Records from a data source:

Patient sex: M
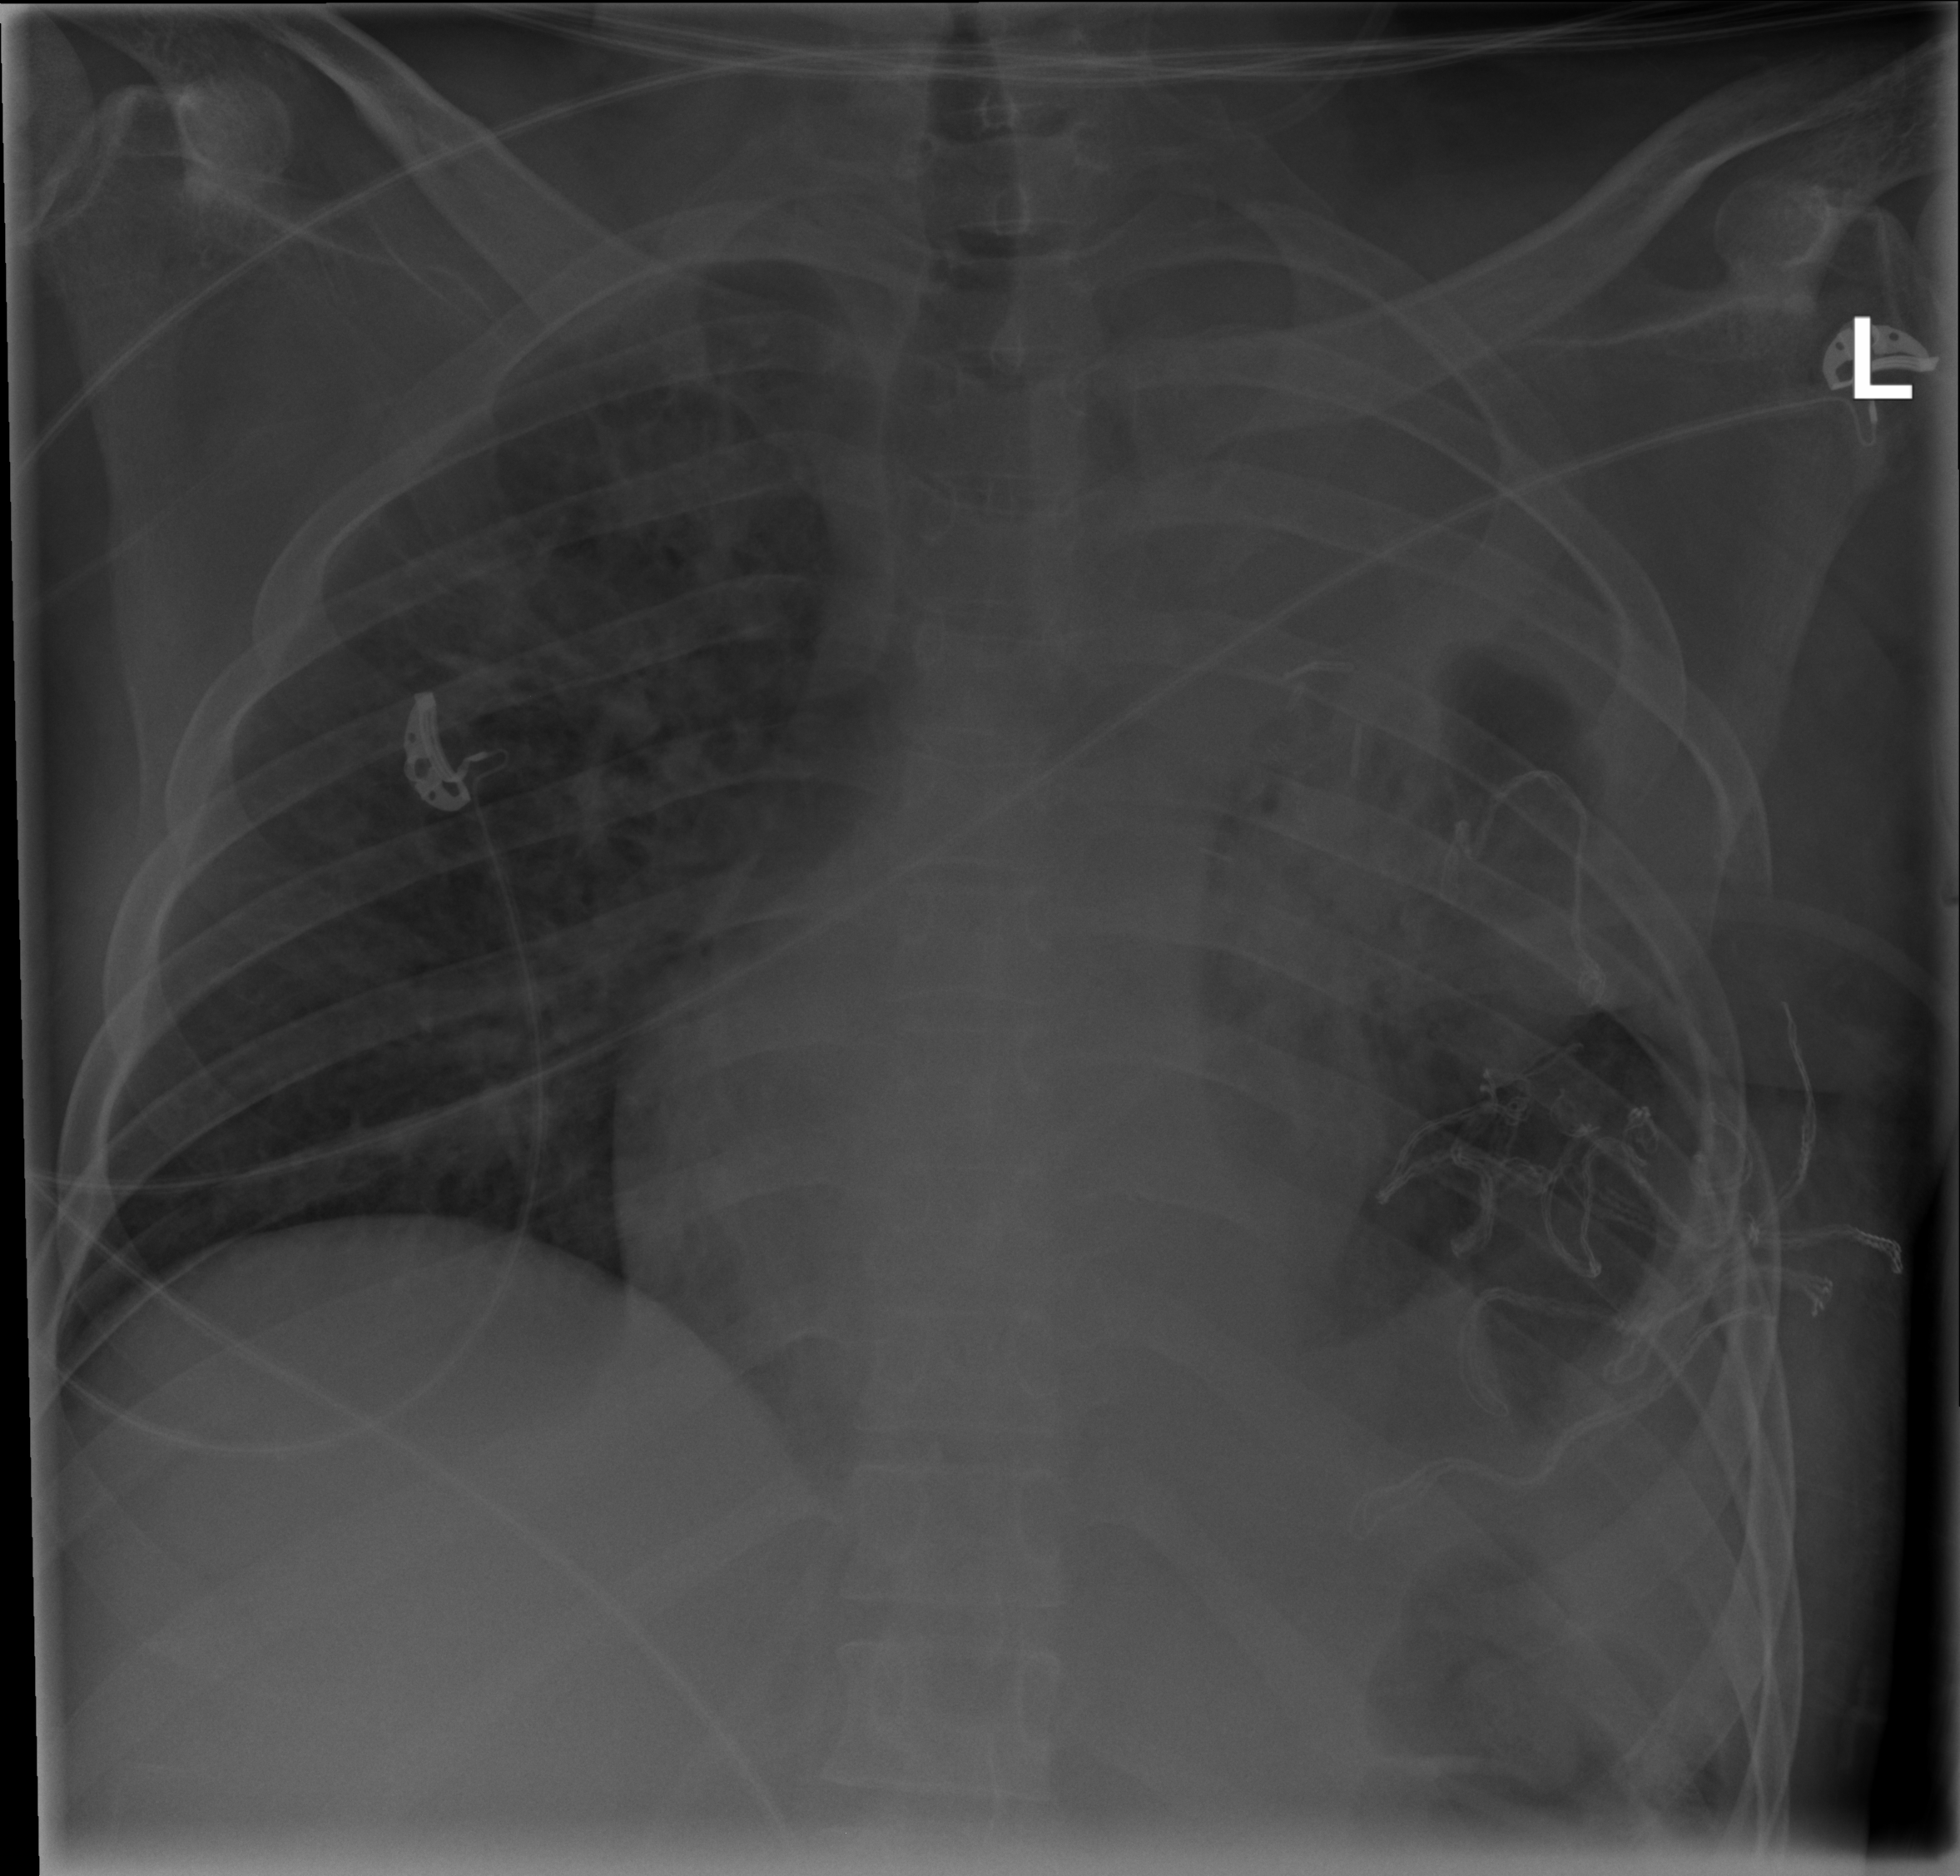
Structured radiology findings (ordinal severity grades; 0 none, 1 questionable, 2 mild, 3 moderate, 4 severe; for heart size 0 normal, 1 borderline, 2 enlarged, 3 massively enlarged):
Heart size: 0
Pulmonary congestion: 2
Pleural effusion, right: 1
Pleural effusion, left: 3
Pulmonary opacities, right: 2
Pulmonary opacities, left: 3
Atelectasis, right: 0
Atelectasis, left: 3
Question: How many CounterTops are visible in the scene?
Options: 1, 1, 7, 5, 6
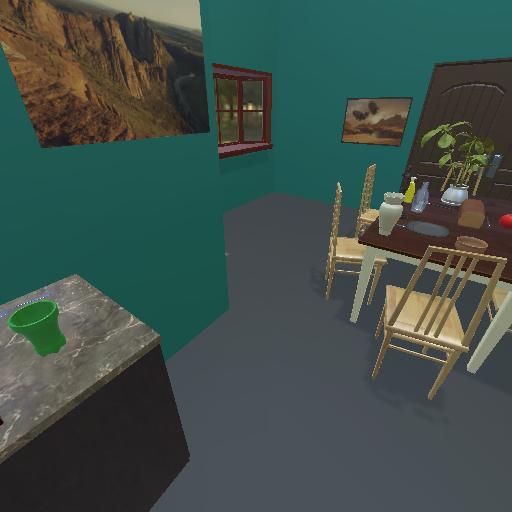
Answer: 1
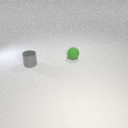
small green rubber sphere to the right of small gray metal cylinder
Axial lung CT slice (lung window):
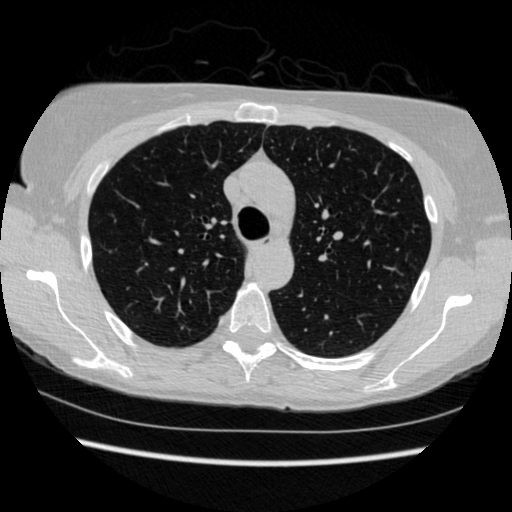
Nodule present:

## What you are asked to do
Transcribe the whole of the data exactly, minus any pictures.

## Task answer
Patient sex: M
Structured radiology findings (ordinal severity grades; 0 none, 1 questionable, 2 mild, 3 moderate, 4 severe; for heart size 0 normal, 1 borderline, 2 enlarged, 3 massively enlarged):
Heart size: 0
Pulmonary congestion: 2
Pleural effusion, right: 1
Pleural effusion, left: 3
Pulmonary opacities, right: 2
Pulmonary opacities, left: 3
Atelectasis, right: 0
Atelectasis, left: 3
Question: How many CounterTops are visible in the scene?
Options: 1, 1, 7, 5, 6
Answer: 1
small green rubber sphere to the right of small gray metal cylinder
Axial lung CT slice (lung window):
Nodule present:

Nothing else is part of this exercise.